───── DATASET CONTENT ─────

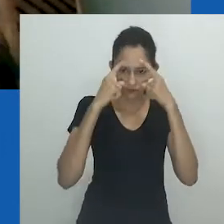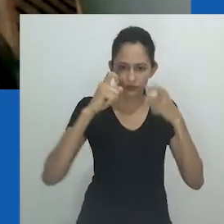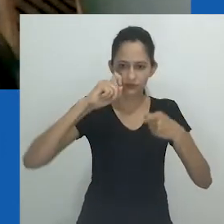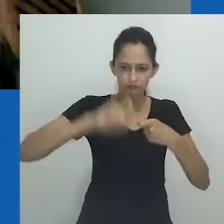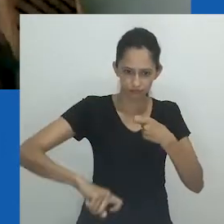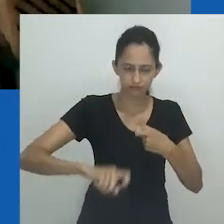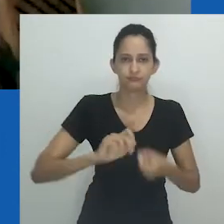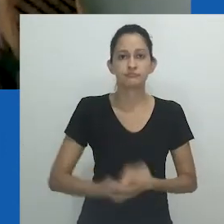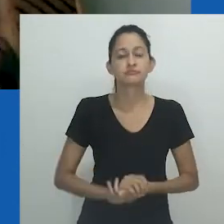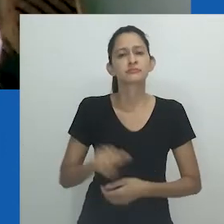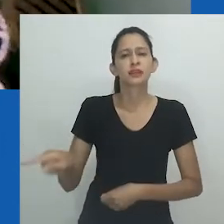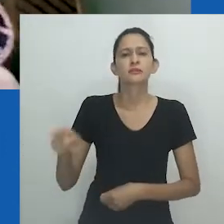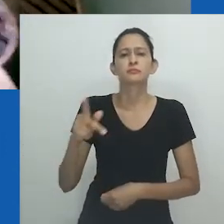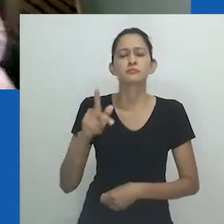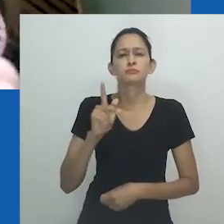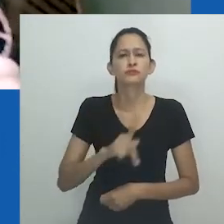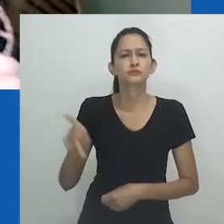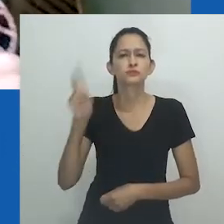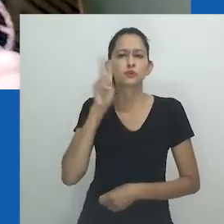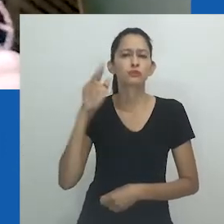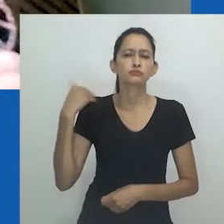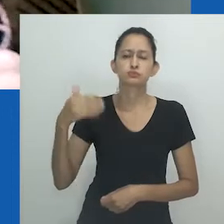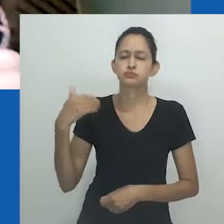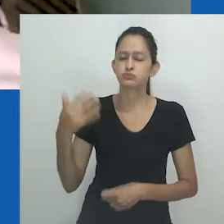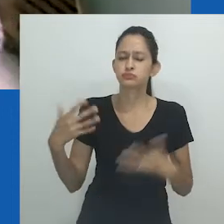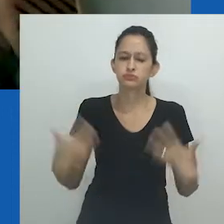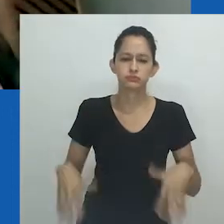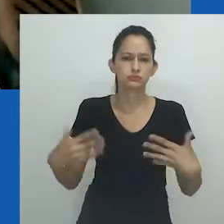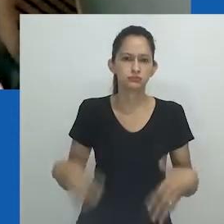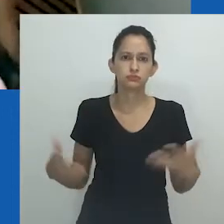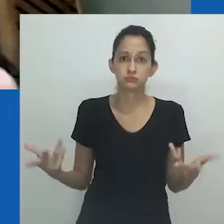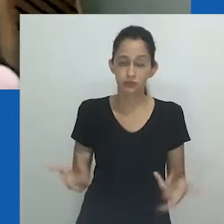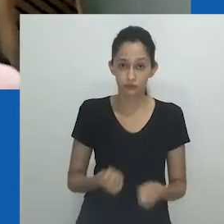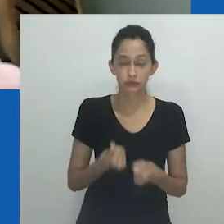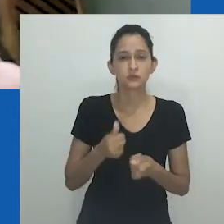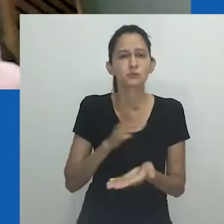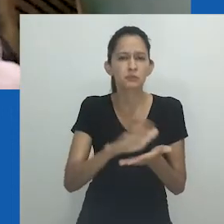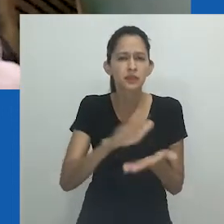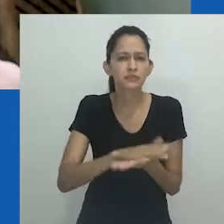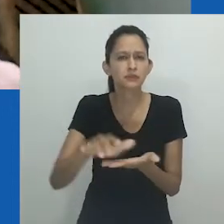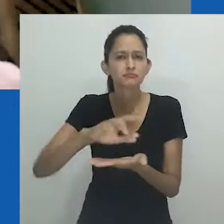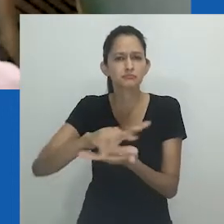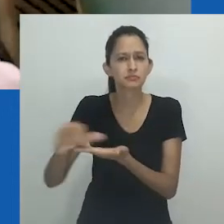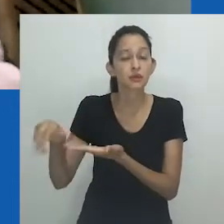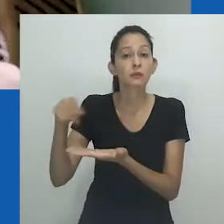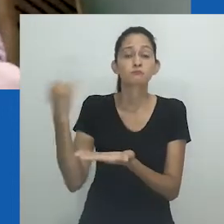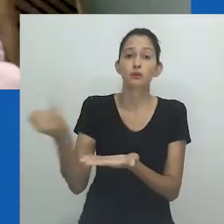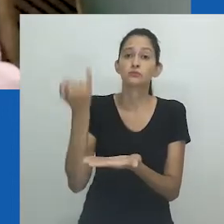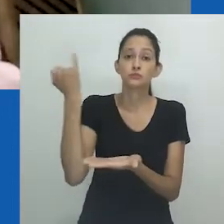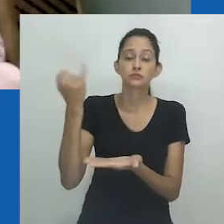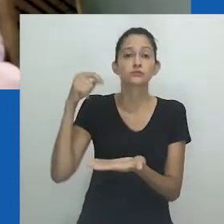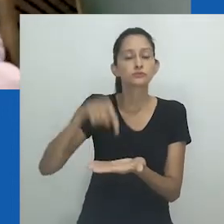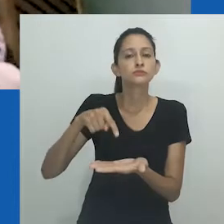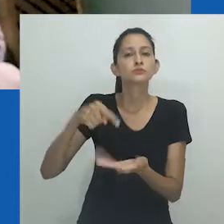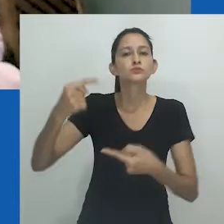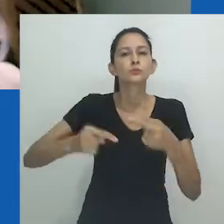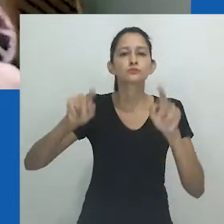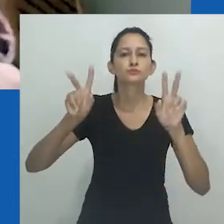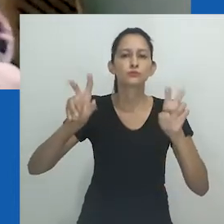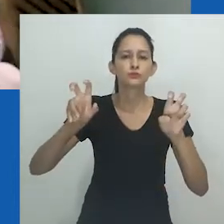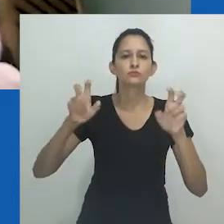A professora Zethu Matebeni tem uma trajetória extraordinária. A leitura dos seus escritos, até hoje, incontornável, aos que desejam refletir sobre violência,
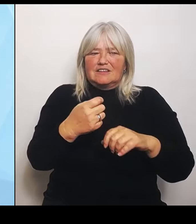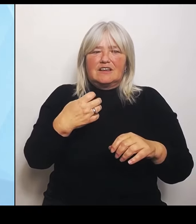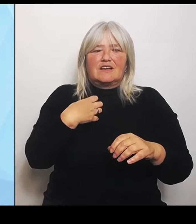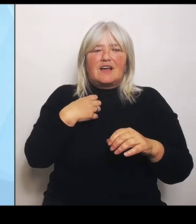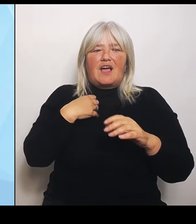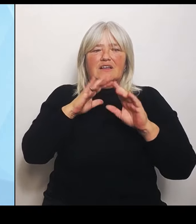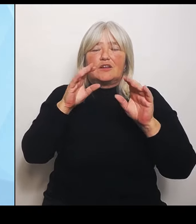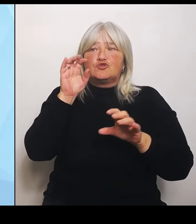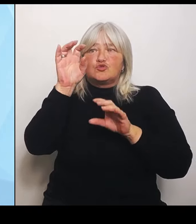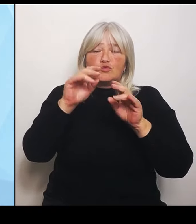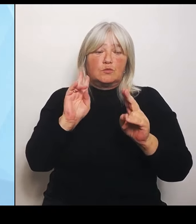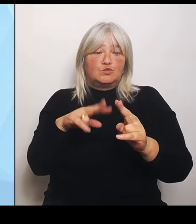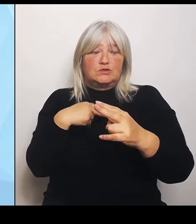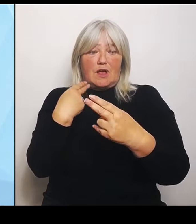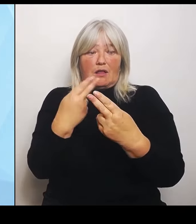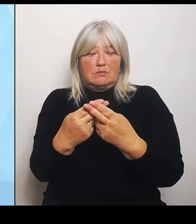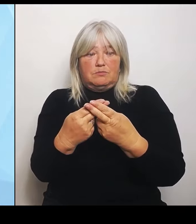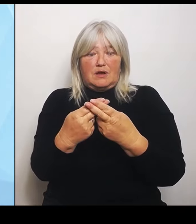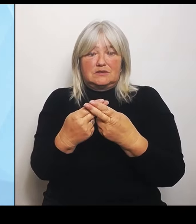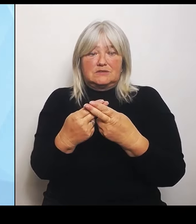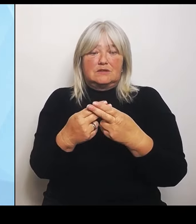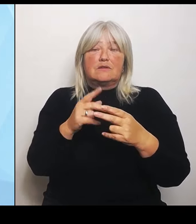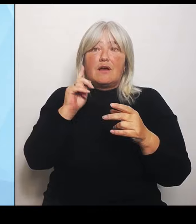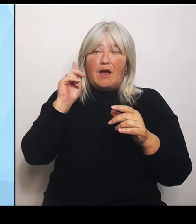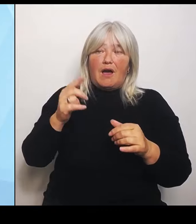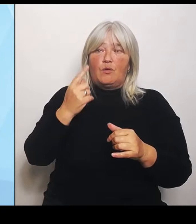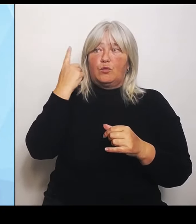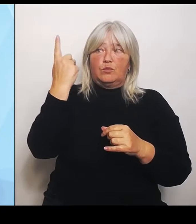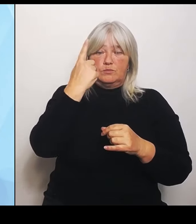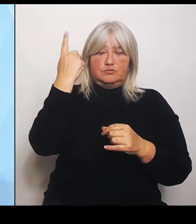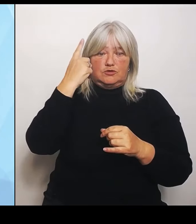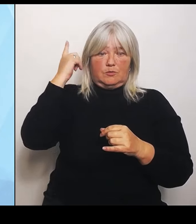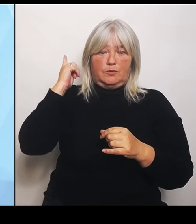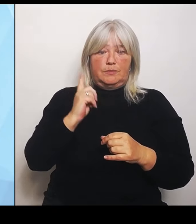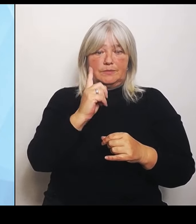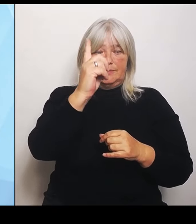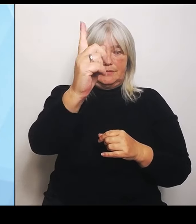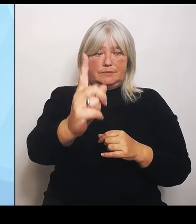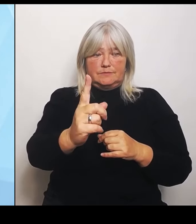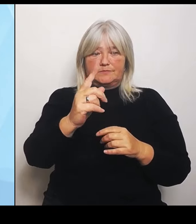Viertens: Das sind die Regionalgutachten für die regionalen Bedürfnisse. Wir als bayerisches
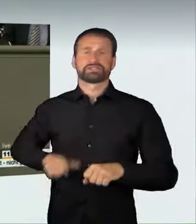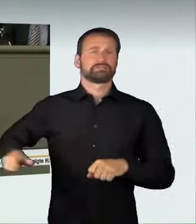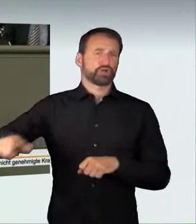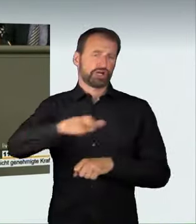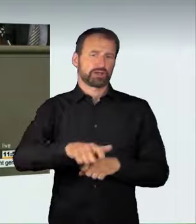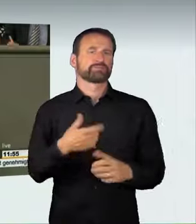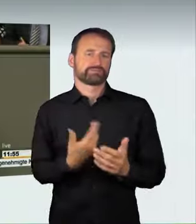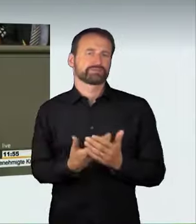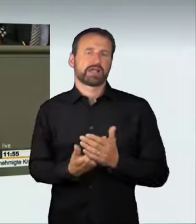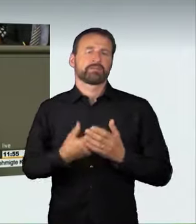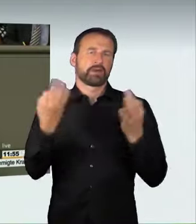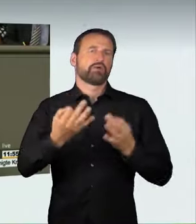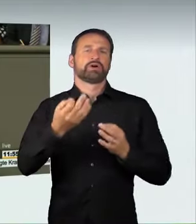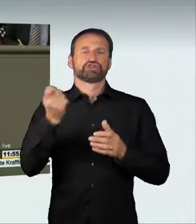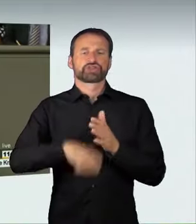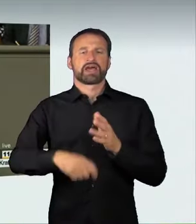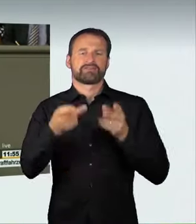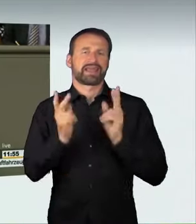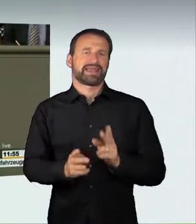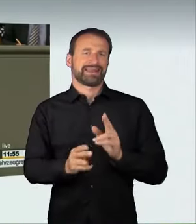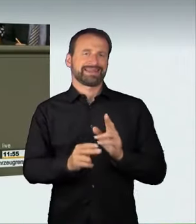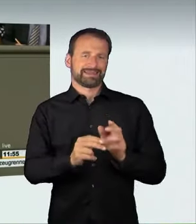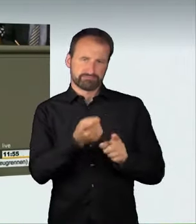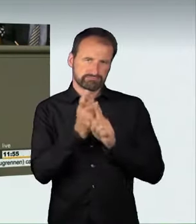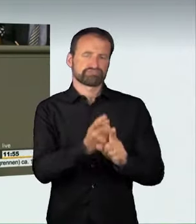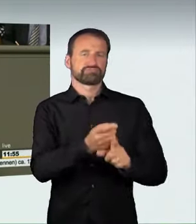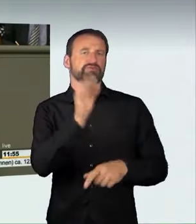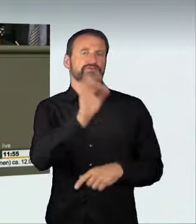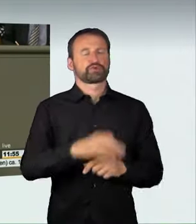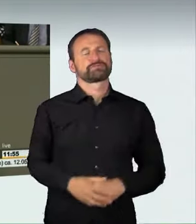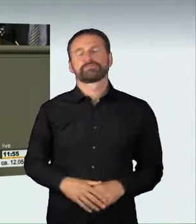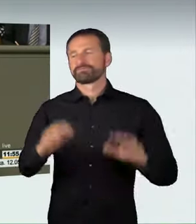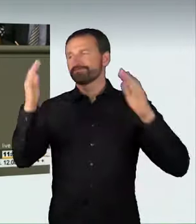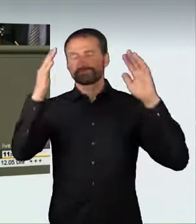In der jüngsten Rechtsprechung wurden diese schlimmen Unfälle

─────

**INSTRUCTIONS TO FOLLOW:**
Repeat exactly and only the lines from the start of the data above through the line that holds "Viertens: Das sind", inclusive. Pictures do not belong in the copy.

**YOUR SOLUTION:**
A professora Zethu Matebeni tem uma trajetória extraordinária. A leitura dos seus escritos, até hoje, incontornável, aos que desejam refletir sobre violência,
Viertens: Das sind die Regionalgutachten für die regionalen Bedürfnisse. Wir als bayerisches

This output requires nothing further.